A total of 179 BIOCARD participants had at least three 24-hour intervals of valid actigraphy data and at least one cognitive composite measure. Participants with fewer than three valid 24-hour intervals of actigraphy data (n = 6) were excluded. On average, actigraphy and cognitive data were obtained 5.9±7.4 months apart.

The demographic and genetic characteristics of the entire sample (n = 179), as well as the two diagnostic groups (Normal = 153, MCI = 26) are shown in Table 1. The MCI subjects were older and had lower episodic memory and executive function composite scores, but there were no other demographic or genetic differences between the groups. Most of the MCI subjects (92.3%) had an etiologic diagnosis of possible or probable AD, as determined by the consensus review panel (Table 2).

Table 1.

Participant characteristics by clinical diagnosis

Characteristic	Total sample (n = 179)	Normal (n = 153)	MCI (n = 26)	p (effect size)
Age, mean±SD, years	72.6±8.4	71.8±8.3	77.3±7.9	0.002 (0.67)
Female, n (%)	116 (64.8)	103 (67.3)	13 (50)	0.087 (0.36)
Education, mean±SD, years	17.3±2.2	17.3±2.3	17.5±2.1	0.745 (0.08)
White, n (%)	174 (97.2)	149 (97.4)	25 (96.2)	0.548 (0.09)
APOE ε4 Carrier, n (%)	57 (31.8)	47 (30.7)	10 (38.5)	0.433 (0.17)
Episodic Memory, mean±SD, score	1.4±1.7	1.8±1.4	-0.5±1.9	<0.001 (1.58)
Executive Function, mean±SD, score	0.2±1.3	0.4±1.3	-1.2±0.9	<0.001 (1.35)
TST, mean±SD, minutes	411.2±55.5	413.1±52.7	400.4±70.3	0.103 (0.07)
SE, mean±SD, %	85.3±6.7	85.7±6.9	83.1±5.6	0.019 (0.05)
WASO, mean±SD, minutes	39.9±17.3	39.3±17.1	42.9±18.6	0.219 (0.02)
WBL, mean±SD, minutes	1.3±0.4	1.3±0.4	1.3±0.5	0.868 (0.03)
Standard RAR IS, mean±SD, score	0.8±0.1	0.8±0.1	0.8±0.1	0.139 (0.01)
Standard RAR IV, mean±SD, score	0.5± 0.2	0.5±0.2	0.6±0.2	0.198 (0.05)
Standard RAR RA, mean±SD, score	0.8±0.1	0.8±0.1	0.7±0.1	<0.001 (0.10)
fPC1, mean±SD, score	0.0±154.9	5.4±157.1	-31.9±139.6	0.820 (0.09)
fPC2, mean±SD, score	0.0±138.3	-4.6±136.2	27.3±150.2	0.344 (0.03)
fPC3, mean±SD, score	0.0±78.2	4.2±76.7	-24.6±83.5	0.036 (0.05)
Actigraphy Days, mean±SD, days	5.6±0.9	5.6±0.8	5.4±1.0	0.142 (1.35)

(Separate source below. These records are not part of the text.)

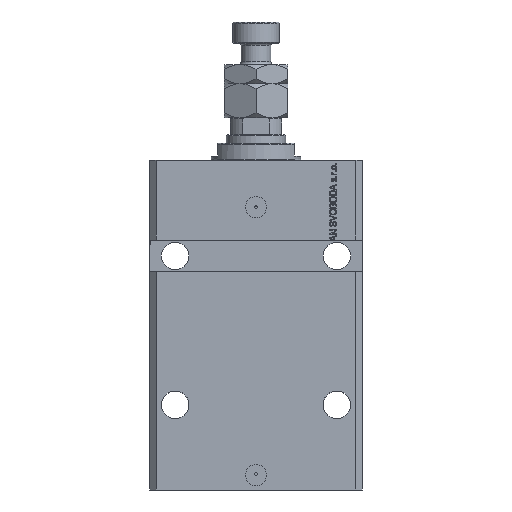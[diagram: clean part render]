
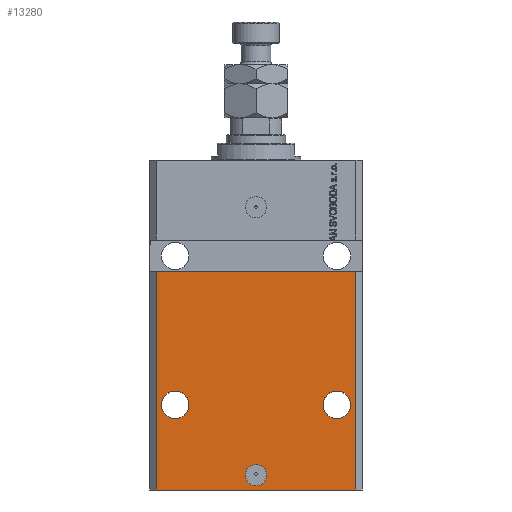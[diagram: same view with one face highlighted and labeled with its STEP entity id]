
A CAD part, front view. The second image highlights one B-rep face of the part: STEP entity #13280.
In plain terms, the highlighted planar face has unit normal (0, -1, 0).
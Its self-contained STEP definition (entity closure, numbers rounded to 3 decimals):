
#540 = FACE_BOUND ( 'NONE', #44415, .T. ) ;
#600 = EDGE_CURVE ( 'NONE', #48818, #27266, #23090, .T. ) ;
#961 = CARTESIAN_POINT ( 'NONE',  ( 5., -37.5, -148. ) ) ;
#1138 = CIRCLE ( 'NONE', #31738, 5. ) ;
#1347 = CARTESIAN_POINT ( 'NONE',  ( -38., -37.5, -115. ) ) ;
#1735 = CARTESIAN_POINT ( 'NONE',  ( 47., -37.5, -52.5 ) ) ;
#2107 = VERTEX_POINT ( 'NONE', #1735 ) ;
#4821 = FACE_BOUND ( 'NONE', #11695, .T. ) ;
#4927 = DIRECTION ( 'NONE',  ( 0., 0., 1. ) ) ;
#5059 = CIRCLE ( 'NONE', #26794, 6.5 ) ;
#5731 = ORIENTED_EDGE ( 'NONE', *, *, #20981, .F. ) ;
#5932 = EDGE_CURVE ( 'NONE', #25577, #2107, #34278, .T. ) ;
#5935 = ORIENTED_EDGE ( 'NONE', *, *, #5932, .F. ) ;
#6108 = EDGE_CURVE ( 'NONE', #12461, #7722, #46605, .T. ) ;
#6925 = VERTEX_POINT ( 'NONE', #32602 ) ;
#6995 = DIRECTION ( 'NONE',  ( 0., -1., 0. ) ) ;
#7278 = DIRECTION ( 'NONE',  ( 1., 0., 0. ) ) ;
#7497 = CARTESIAN_POINT ( 'NONE',  ( 38., -37.5, -115. ) ) ;
#7722 = VERTEX_POINT ( 'NONE', #14013 ) ;
#7808 = AXIS2_PLACEMENT_3D ( 'NONE', #1347, #28305, #21244 ) ;
#7854 = CARTESIAN_POINT ( 'NONE',  ( -47., -37.5, -155. ) ) ;
#10698 = EDGE_CURVE ( 'NONE', #6925, #44282, #22763, .T. ) ;
#10788 = LINE ( 'NONE', #44872, #33939 ) ;
#11057 = CARTESIAN_POINT ( 'NONE',  ( 47., -37.5, -155. ) ) ;
#11354 = CARTESIAN_POINT ( 'NONE',  ( -31.5, -37.5, -115. ) ) ;
#11516 = VERTEX_POINT ( 'NONE', #11057 ) ;
#11695 = EDGE_LOOP ( 'NONE', ( #38594, #31624 ) ) ;
#12461 = VERTEX_POINT ( 'NONE', #961 ) ;
#12483 = EDGE_CURVE ( 'NONE', #44282, #6925, #5059, .T. ) ;
#13280 = ADVANCED_FACE ( 'NONE', ( #4821, #540, #16409, #42434 ), #31297, .T. ) ;
#14013 = CARTESIAN_POINT ( 'NONE',  ( -5., -37.5, -148. ) ) ;
#14729 = VECTOR ( 'NONE', #4927, 1000. ) ;
#16409 = FACE_BOUND ( 'NONE', #29669, .T. ) ;
#16630 = ORIENTED_EDGE ( 'NONE', *, *, #36695, .F. ) ;
#18303 = EDGE_CURVE ( 'NONE', #7722, #12461, #1138, .T. ) ;
#18973 = CIRCLE ( 'NONE', #34304, 6.5 ) ;
#19192 = DIRECTION ( 'NONE',  ( 0., -1., 0. ) ) ;
#19309 = ORIENTED_EDGE ( 'NONE', *, *, #43689, .T. ) ;
#19891 = DIRECTION ( 'NONE',  ( 0., -1., 0. ) ) ;
#20981 = EDGE_CURVE ( 'NONE', #27266, #48818, #18973, .T. ) ;
#21244 = DIRECTION ( 'NONE',  ( -1., 0., 0. ) ) ;
#22763 = CIRCLE ( 'NONE', #49358, 6.5 ) ;
#23090 = CIRCLE ( 'NONE', #7808, 6.5 ) ;
#23378 = DIRECTION ( 'NONE',  ( -1., 0., 0. ) ) ;
#23841 = CARTESIAN_POINT ( 'NONE',  ( 47., -37.5, -155. ) ) ;
#24001 = VECTOR ( 'NONE', #7278, 1000. ) ;
#24397 = CARTESIAN_POINT ( 'NONE',  ( 38., -37.5, -115. ) ) ;
#25577 = VERTEX_POINT ( 'NONE', #36527 ) ;
#26794 = AXIS2_PLACEMENT_3D ( 'NONE', #24397, #39064, #43110 ) ;
#27266 = VERTEX_POINT ( 'NONE', #11354 ) ;
#28305 = DIRECTION ( 'NONE',  ( 0., -1., 0. ) ) ;
#28932 = DIRECTION ( 'NONE',  ( 1., 0., 0. ) ) ;
#29464 = VERTEX_POINT ( 'NONE', #41354 ) ;
#29669 = EDGE_LOOP ( 'NONE', ( #5731, #33024 ) ) ;
#29935 = DIRECTION ( 'NONE',  ( 0., 0., 1. ) ) ;
#30181 = DIRECTION ( 'NONE',  ( 1., 0., 0. ) ) ;
#31169 = CARTESIAN_POINT ( 'NONE',  ( 31.5, -37.5, -115. ) ) ;
#31297 = PLANE ( 'NONE',  #48614 ) ;
#31438 = CARTESIAN_POINT ( 'NONE',  ( -38., -37.5, -115. ) ) ;
#31624 = ORIENTED_EDGE ( 'NONE', *, *, #18303, .F. ) ;
#31738 = AXIS2_PLACEMENT_3D ( 'NONE', #35537, #19891, #43375 ) ;
#31919 = ORIENTED_EDGE ( 'NONE', *, *, #48489, .T. ) ;
#32602 = CARTESIAN_POINT ( 'NONE',  ( 44.5, -37.5, -115. ) ) ;
#33024 = ORIENTED_EDGE ( 'NONE', *, *, #600, .F. ) ;
#33182 = ORIENTED_EDGE ( 'NONE', *, *, #12483, .F. ) ;
#33939 = VECTOR ( 'NONE', #29935, 1000. ) ;
#34278 = LINE ( 'NONE', #41863, #24001 ) ;
#34304 = AXIS2_PLACEMENT_3D ( 'NONE', #31438, #34739, #23378 ) ;
#34739 = DIRECTION ( 'NONE',  ( 0., -1., 0. ) ) ;
#35537 = CARTESIAN_POINT ( 'NONE',  ( 0., -37.5, -148. ) ) ;
#36094 = AXIS2_PLACEMENT_3D ( 'NONE', #45334, #48379, #37509 ) ;
#36527 = CARTESIAN_POINT ( 'NONE',  ( -47., -37.5, -52.5 ) ) ;
#36695 = EDGE_CURVE ( 'NONE', #29464, #25577, #10788, .T. ) ;
#36731 = EDGE_LOOP ( 'NONE', ( #5935, #16630, #31919, #19309 ) ) ;
#37509 = DIRECTION ( 'NONE',  ( 1., 0., 0. ) ) ;
#38594 = ORIENTED_EDGE ( 'NONE', *, *, #6108, .F. ) ;
#38997 = LINE ( 'NONE', #23841, #14729 ) ;
#39064 = DIRECTION ( 'NONE',  ( 0., -1., 0. ) ) ;
#41314 = CARTESIAN_POINT ( 'NONE',  ( -47., -37.5, -155. ) ) ;
#41354 = CARTESIAN_POINT ( 'NONE',  ( -47., -37.5, -155. ) ) ;
#41863 = CARTESIAN_POINT ( 'NONE',  ( -50., -37.5, -52.5 ) ) ;
#42434 = FACE_OUTER_BOUND ( 'NONE', #36731, .T. ) ;
#43110 = DIRECTION ( 'NONE',  ( 1., 0., 0. ) ) ;
#43375 = DIRECTION ( 'NONE',  ( 1., 0., 0. ) ) ;
#43689 = EDGE_CURVE ( 'NONE', #11516, #2107, #38997, .T. ) ;
#44282 = VERTEX_POINT ( 'NONE', #31169 ) ;
#44415 = EDGE_LOOP ( 'NONE', ( #47830, #33182 ) ) ;
#44872 = CARTESIAN_POINT ( 'NONE',  ( -47., -37.5, -155. ) ) ;
#45334 = CARTESIAN_POINT ( 'NONE',  ( 0., -37.5, -148. ) ) ;
#46209 = DIRECTION ( 'NONE',  ( 1., 0., 0. ) ) ;
#46605 = CIRCLE ( 'NONE', #36094, 5. ) ;
#47174 = VECTOR ( 'NONE', #28932, 1000. ) ;
#47830 = ORIENTED_EDGE ( 'NONE', *, *, #10698, .F. ) ;
#48138 = LINE ( 'NONE', #41314, #47174 ) ;
#48379 = DIRECTION ( 'NONE',  ( 0., -1., 0. ) ) ;
#48489 = EDGE_CURVE ( 'NONE', #29464, #11516, #48138, .T. ) ;
#48614 = AXIS2_PLACEMENT_3D ( 'NONE', #7854, #19192, #46209 ) ;
#48818 = VERTEX_POINT ( 'NONE', #49006 ) ;
#49006 = CARTESIAN_POINT ( 'NONE',  ( -44.5, -37.5, -115. ) ) ;
#49358 = AXIS2_PLACEMENT_3D ( 'NONE', #7497, #6995, #30181 ) ;

TST, total sleep time; SE, sleep efficiency; WASO, wake after sleep onset; WBL, average wake bout length; RAR, rest/activity rhythm; IS, Standard RAR interdaily stability; IV, Standard RAR intradaily variability; RA, Standard RAR relative amplitude; fPC, functional principal component; Day, 24-hour interval. p-values are from independent-samples t-test or Wilcoxon rank-sum test for continuous variables and chi-square or Fisher exact test for categorical variables comparing the Normals vs. MCI; effect sizes represent the Cohen’s d estimate. P-values are from linear regression for sleep and circadian RAR parameters comparing the Normals vs. MCI, after adjustment for demographics and APOE genetic status; effect sizes represent the Eta-Squared estimate. Bold text indicates p < 0.05.

Table 2.

Etiologic and syndromic diagnoses

Characteristic	n (%)
Etiology
MCI due to Possible/Probable AD	24 (92.3)
+ Vascular Contributions	2 (7.7)
MCI due to Non-AD Etiology	2 (7.7)
+ Vascular Contributions	1 (3.8)
Syndromic Diagnosis
Amnestic MCI	9 (34.6)
Non-Amnestic MCI	17 (65.4)

MCI, mild cognitive impairment; AD, Alzheimer’s disease. Individuals can be diagnosed with more than one etiology.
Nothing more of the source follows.